▶ _Task prompt_:
Repeat the records below exactly, leaving out every picture.

▶ _Data to process_:
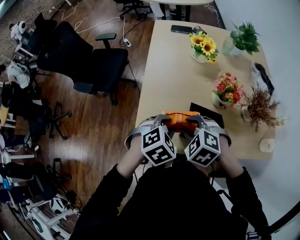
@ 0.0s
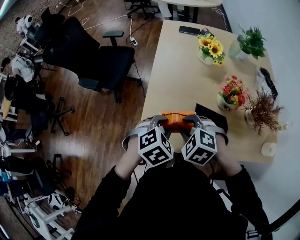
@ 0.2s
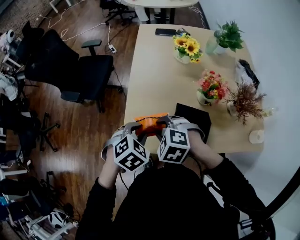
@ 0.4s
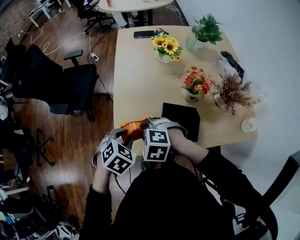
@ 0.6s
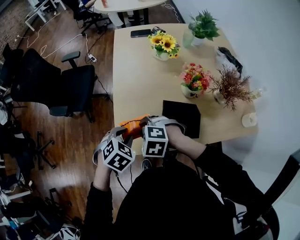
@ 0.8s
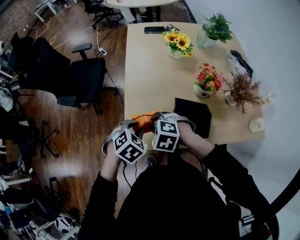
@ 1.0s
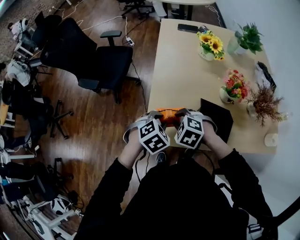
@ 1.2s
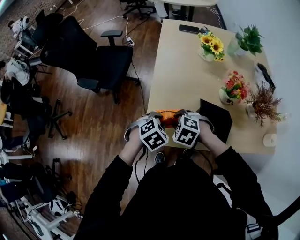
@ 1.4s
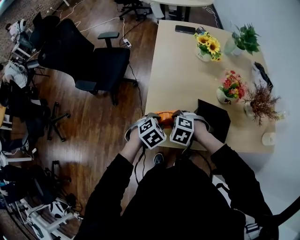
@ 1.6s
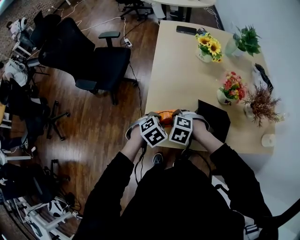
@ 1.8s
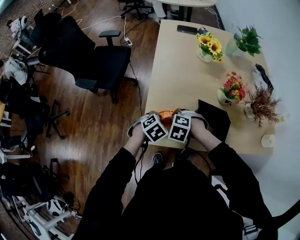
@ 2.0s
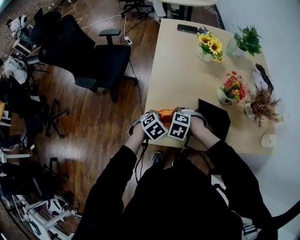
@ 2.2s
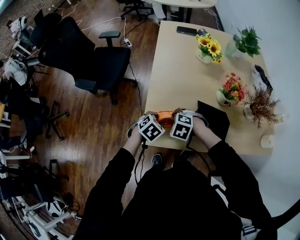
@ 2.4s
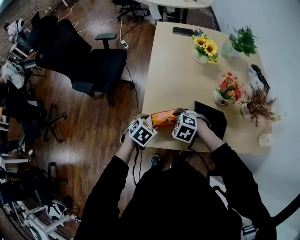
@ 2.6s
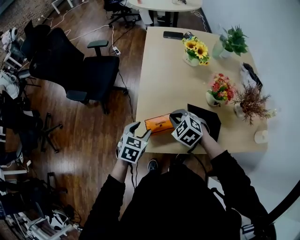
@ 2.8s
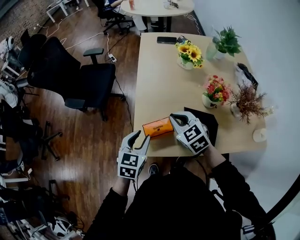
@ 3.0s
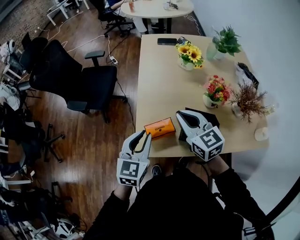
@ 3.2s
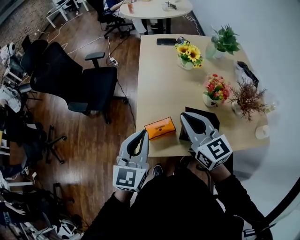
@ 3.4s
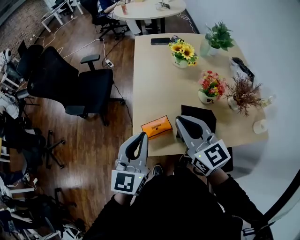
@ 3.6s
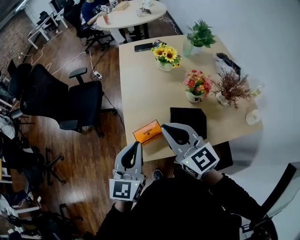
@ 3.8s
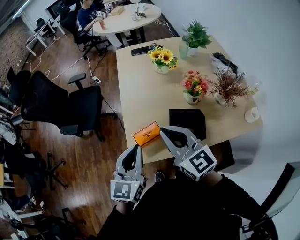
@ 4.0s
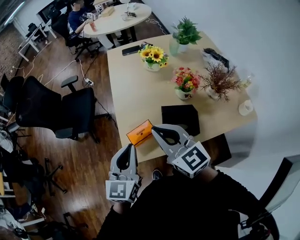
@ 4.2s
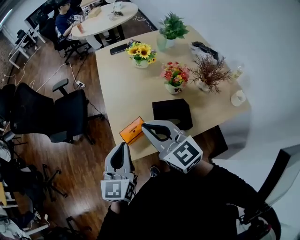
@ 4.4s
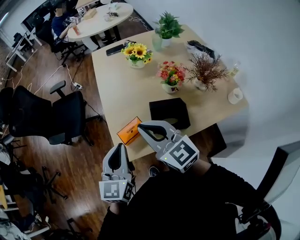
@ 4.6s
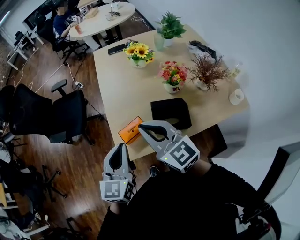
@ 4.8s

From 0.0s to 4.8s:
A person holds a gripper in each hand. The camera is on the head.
From 0.0s to 1.6s: Both grippers travel together downward and to the left, roughly 15 cm.
From 1.6s to 3.2s: The grippers both shift upward by about 20 cm. The left gripper tips its fingers upward by about 40 degrees, and opens, then closes again; the right gripper tips its fingers upward by about 50 degrees, and closes its fingers.
From 3.2s to 4.8s: The left gripper travels upward and backward by approximately 10 cm; the right gripper is displaced backward and upward by about 10 cm.

▶ _Completed task_:
@ 0.0s
@ 0.2s
@ 0.4s
@ 0.6s
@ 0.8s
@ 1.0s
@ 1.2s
@ 1.4s
@ 1.6s
@ 1.8s
@ 2.0s
@ 2.2s
@ 2.4s
@ 2.6s
@ 2.8s
@ 3.0s
@ 3.2s
@ 3.4s
@ 3.6s
@ 3.8s
@ 4.0s
@ 4.2s
@ 4.4s
@ 4.6s
@ 4.8s

From 0.0s to 4.8s:
A person holds a gripper in each hand. The camera is on the head.
From 0.0s to 1.6s: Both grippers travel together downward and to the left, roughly 15 cm.
From 1.6s to 3.2s: The grippers both shift upward by about 20 cm. The left gripper tips its fingers upward by about 40 degrees, and opens, then closes again; the right gripper tips its fingers upward by about 50 degrees, and closes its fingers.
From 3.2s to 4.8s: The left gripper travels upward and backward by approximately 10 cm; the right gripper is displaced backward and upward by about 10 cm.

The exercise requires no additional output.